Puis je marche ailleurs dans ce magnifique musée pour savourer les œuvres amies qui me saluent chacune au passage « Je me souviens de toi, tu t’es arrêté, tu m’as déjà vue plusieurs fois et aimée ». Puis marcher dans les rues d’Ottawa à travers les cônes oranges. Montréal est soudainement beaucoup plus proche. La construction fait loi…là dehors…

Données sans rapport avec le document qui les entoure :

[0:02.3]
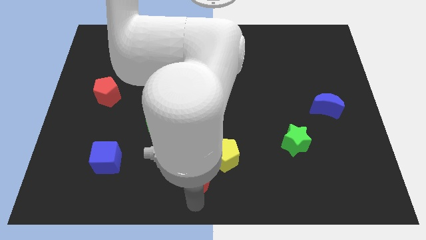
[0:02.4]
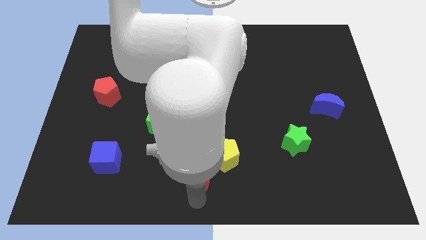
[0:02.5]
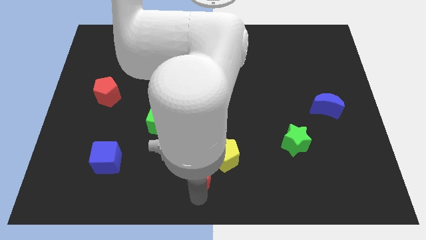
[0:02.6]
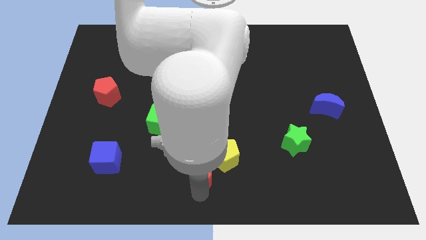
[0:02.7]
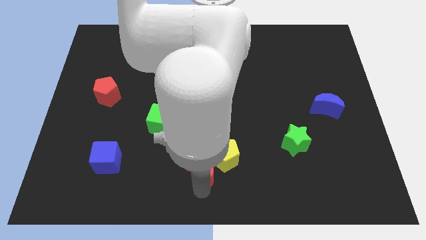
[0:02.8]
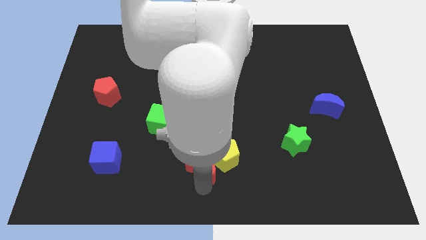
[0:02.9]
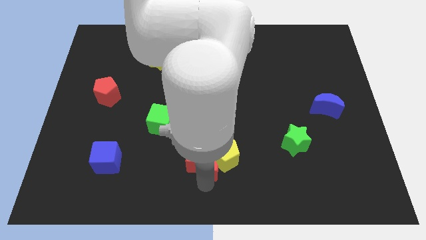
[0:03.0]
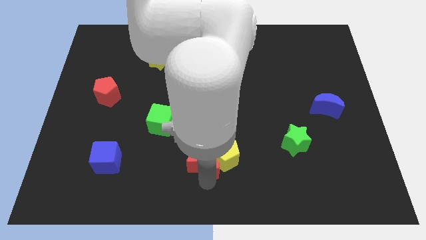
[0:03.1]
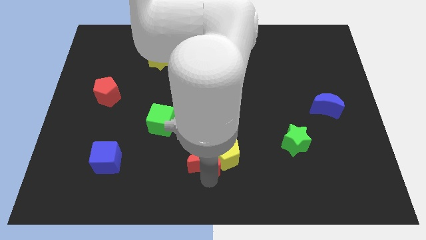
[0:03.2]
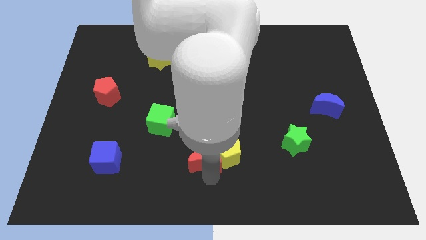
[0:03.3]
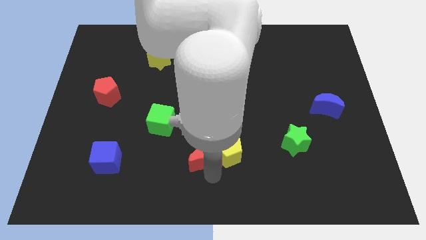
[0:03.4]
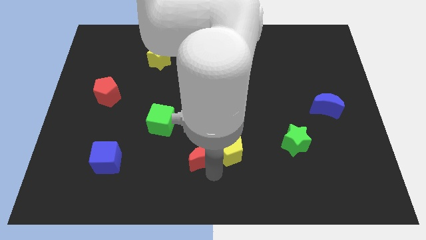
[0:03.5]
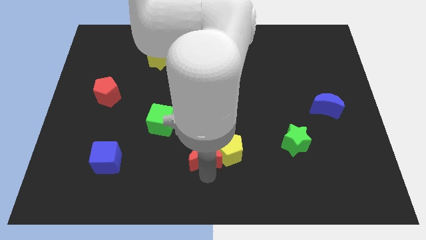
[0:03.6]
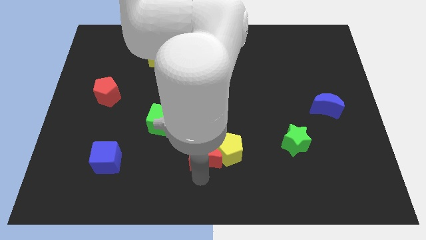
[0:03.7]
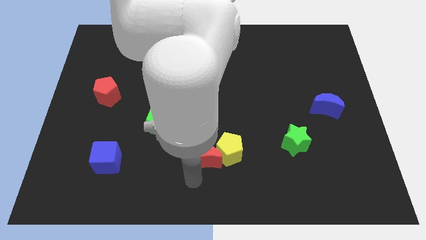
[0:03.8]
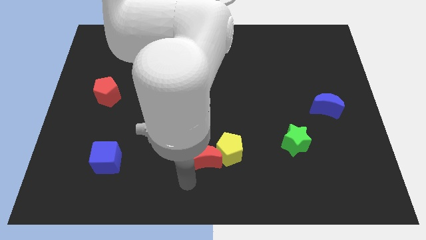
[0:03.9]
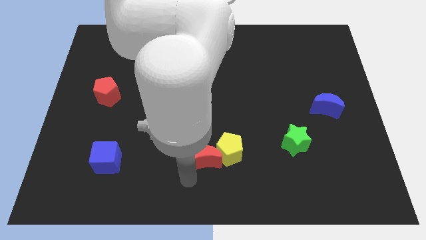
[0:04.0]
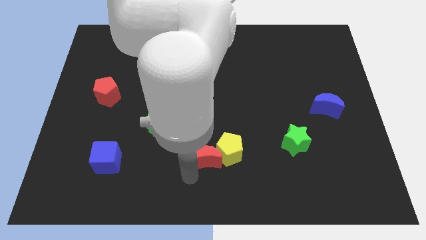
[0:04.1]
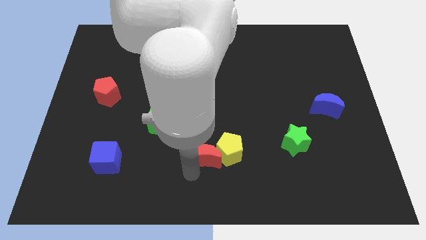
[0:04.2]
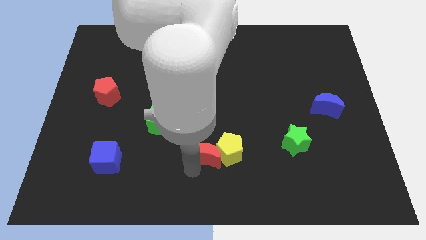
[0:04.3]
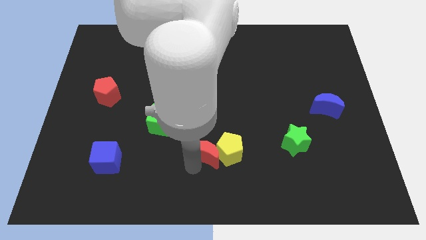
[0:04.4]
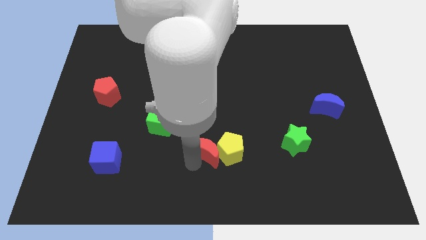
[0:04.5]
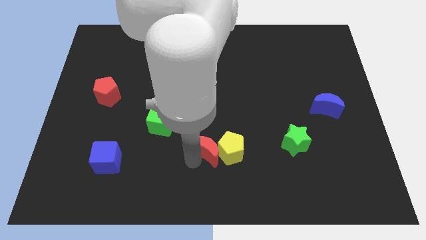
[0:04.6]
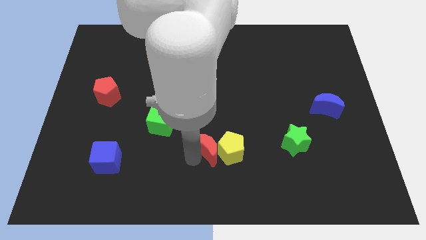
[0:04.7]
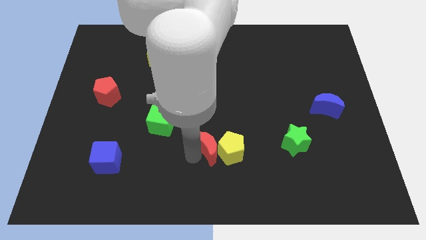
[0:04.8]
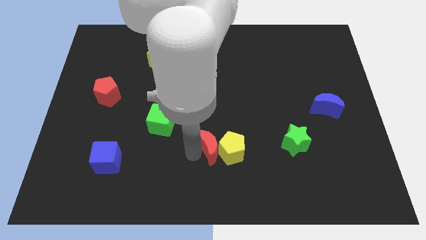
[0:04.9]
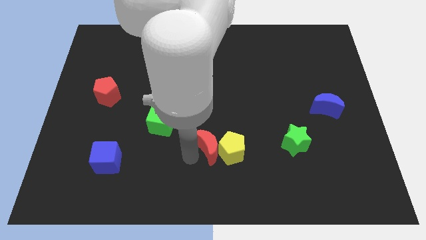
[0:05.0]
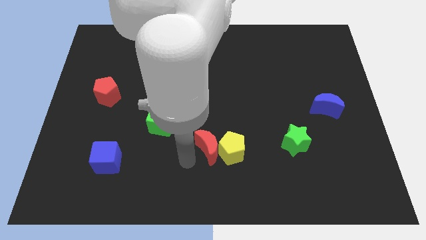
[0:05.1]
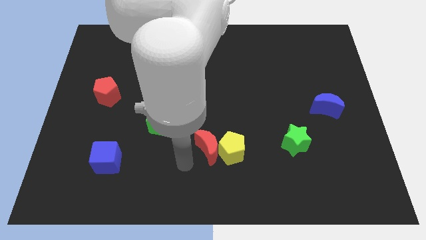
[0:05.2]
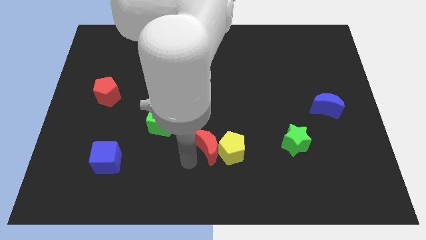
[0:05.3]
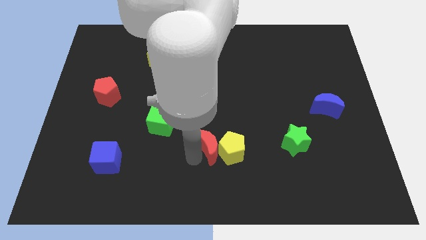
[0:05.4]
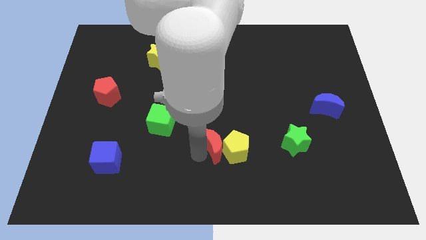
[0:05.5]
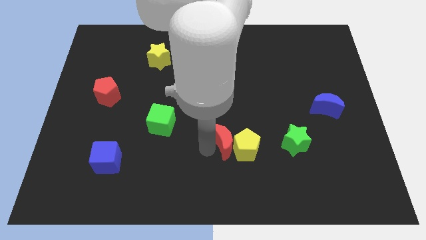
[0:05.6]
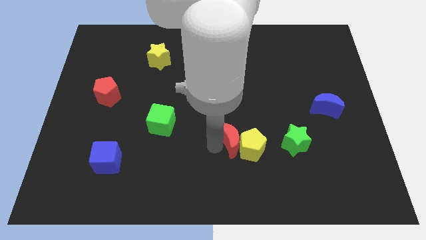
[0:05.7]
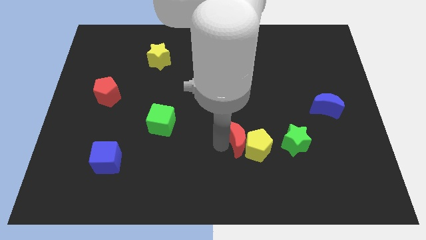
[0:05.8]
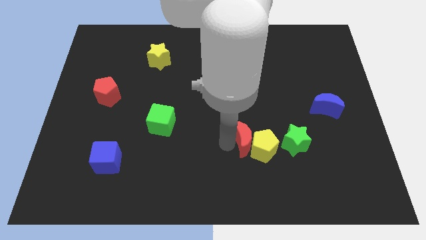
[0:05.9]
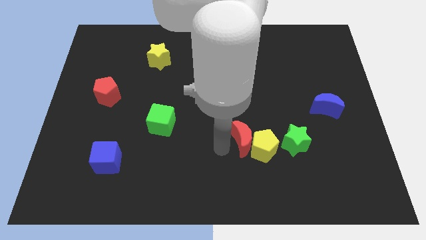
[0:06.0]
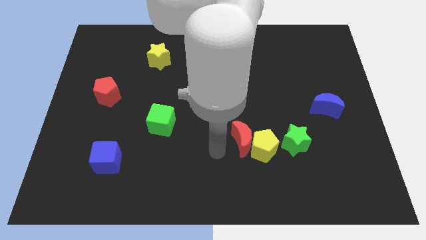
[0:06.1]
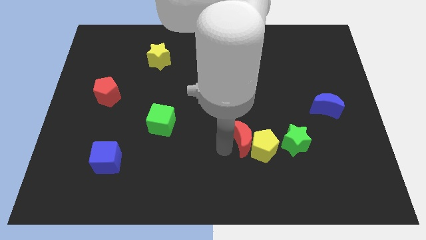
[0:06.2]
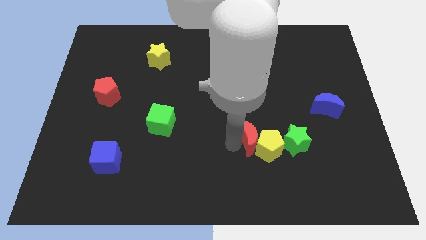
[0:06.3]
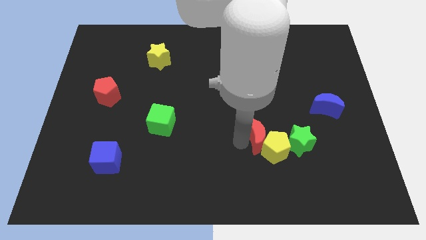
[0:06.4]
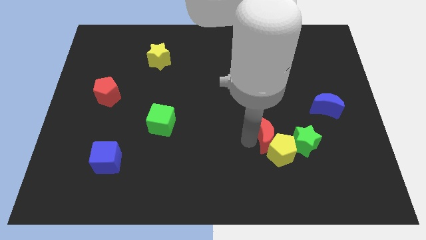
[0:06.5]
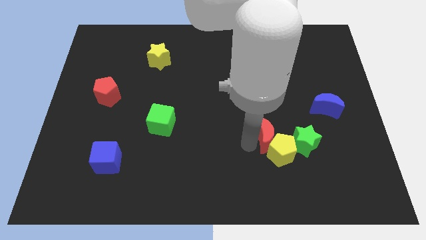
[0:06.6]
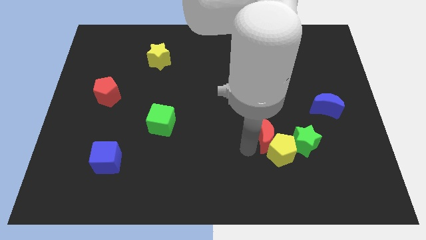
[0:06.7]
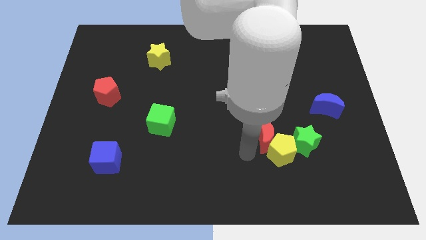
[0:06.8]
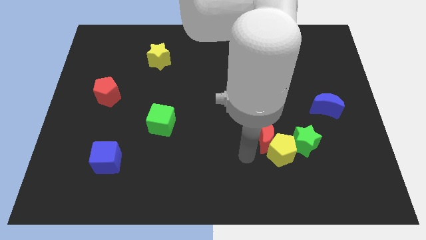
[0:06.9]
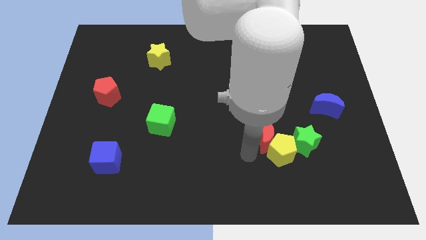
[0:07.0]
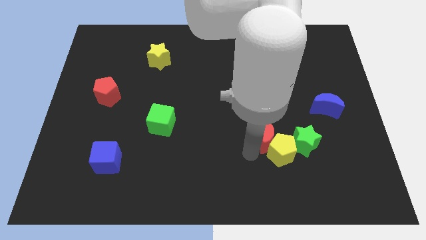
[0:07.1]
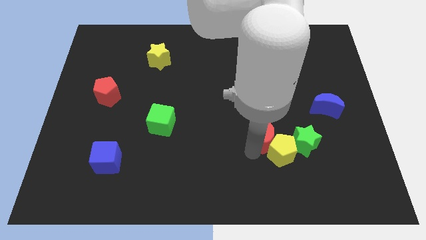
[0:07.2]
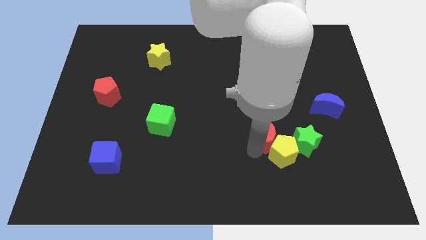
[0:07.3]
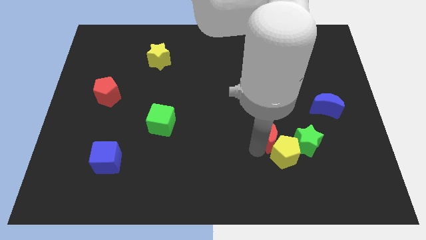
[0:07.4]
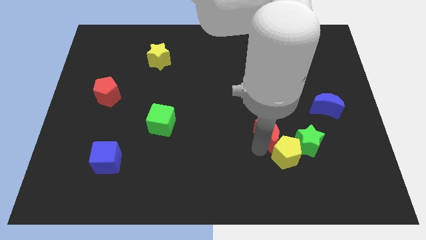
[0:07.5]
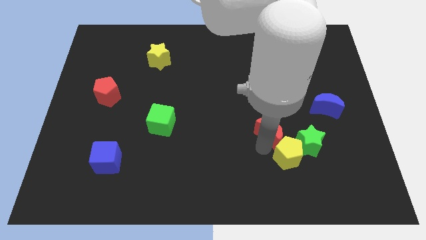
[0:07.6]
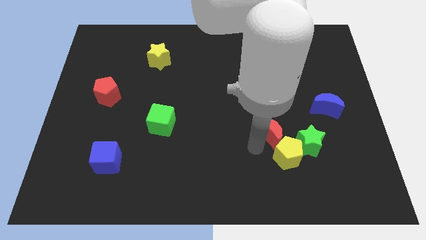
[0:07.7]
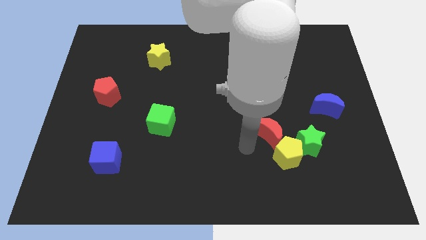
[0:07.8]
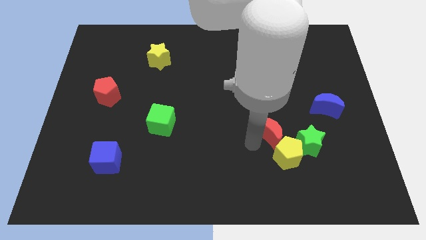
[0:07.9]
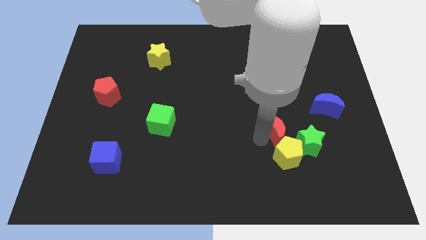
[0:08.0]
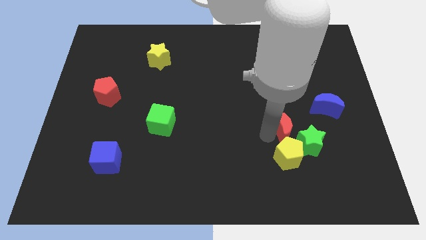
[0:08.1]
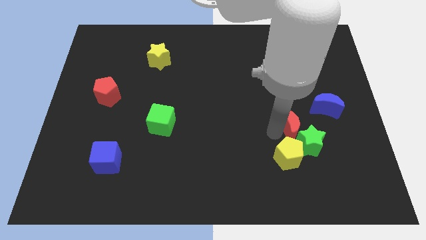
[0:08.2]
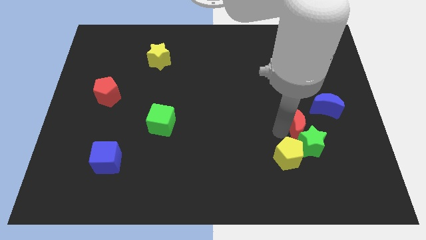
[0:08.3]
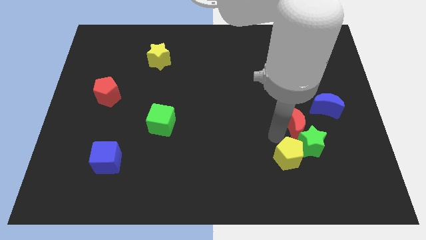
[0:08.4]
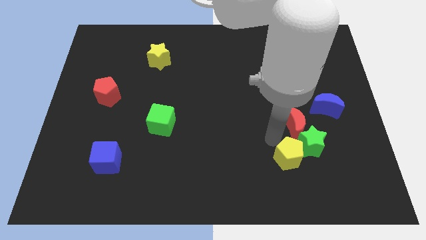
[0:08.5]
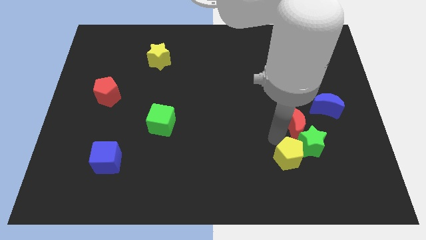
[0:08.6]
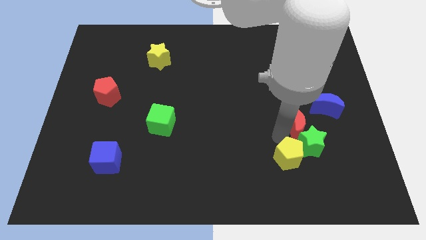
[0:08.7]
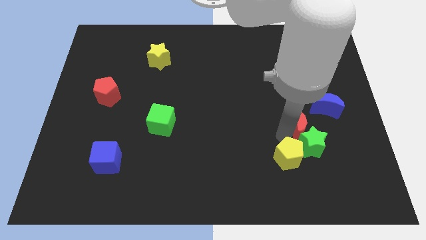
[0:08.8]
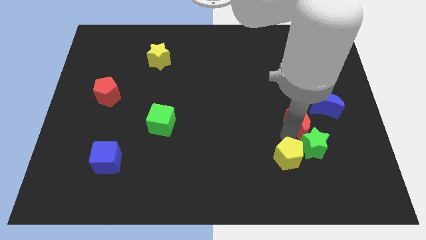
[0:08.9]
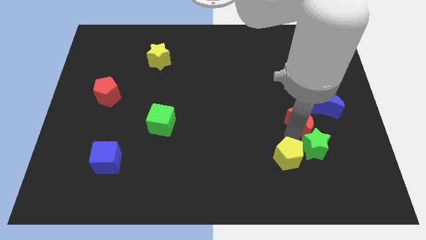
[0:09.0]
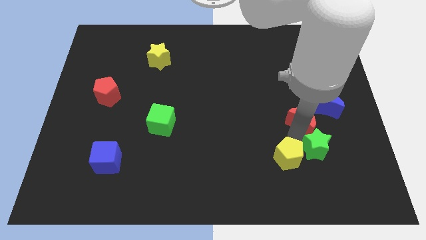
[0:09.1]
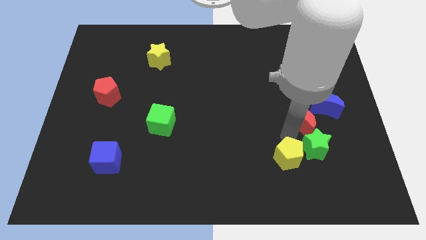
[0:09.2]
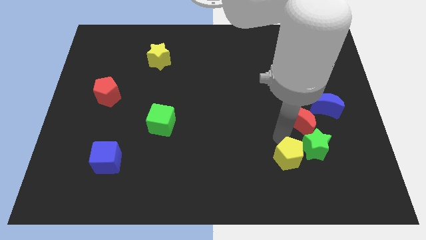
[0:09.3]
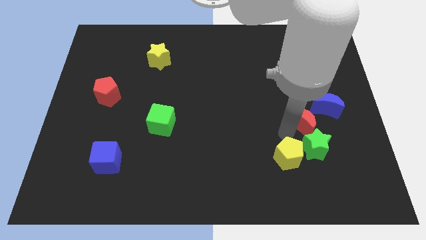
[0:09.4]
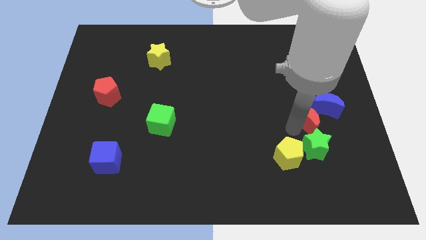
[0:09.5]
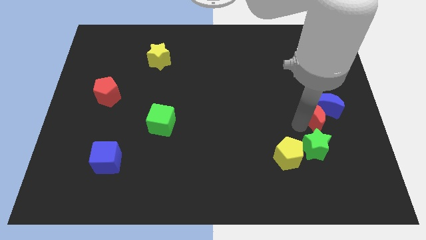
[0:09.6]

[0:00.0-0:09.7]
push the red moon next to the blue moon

Dimanche, 25 août, Musée de la Nature.
Bain rafraîchissant de papillons vivants, danses nuptiales tourbillonnantes de couleurs, autour de soi, puis sur soi, si on a la chance d’être l’élu du couple de l’instant. Puis au 3e étage, les cristaux sortent lumineux des ténèbres de la terre ; j’aurais voulu tous les manger avec leurs couleurs si appétissantes. Ces petits chefs d’œuvre, en nous présentant leurs formes toutes ordonnées, nous font prendre conscience de l’imperfection et du désordre de nos actions humaines. Rien n’est plus beau que la nature, excepté l’être humain qui se crée soi-même à travers l’art social, à imaginer dans son possible visage tri-articulée. Inspiration pour de nouvelles prises de conscience responsables. Pour de nouvelles peintures, couleurs et formes, dégagées de la perfection. Pour créer du neuf.
Le voilà terminée ce pèlerinage de musées au sein duquel la voix de la conscience sociale, incontournable présence, me suit partout dans ma quête de beauté pour apprivoiser la laideur.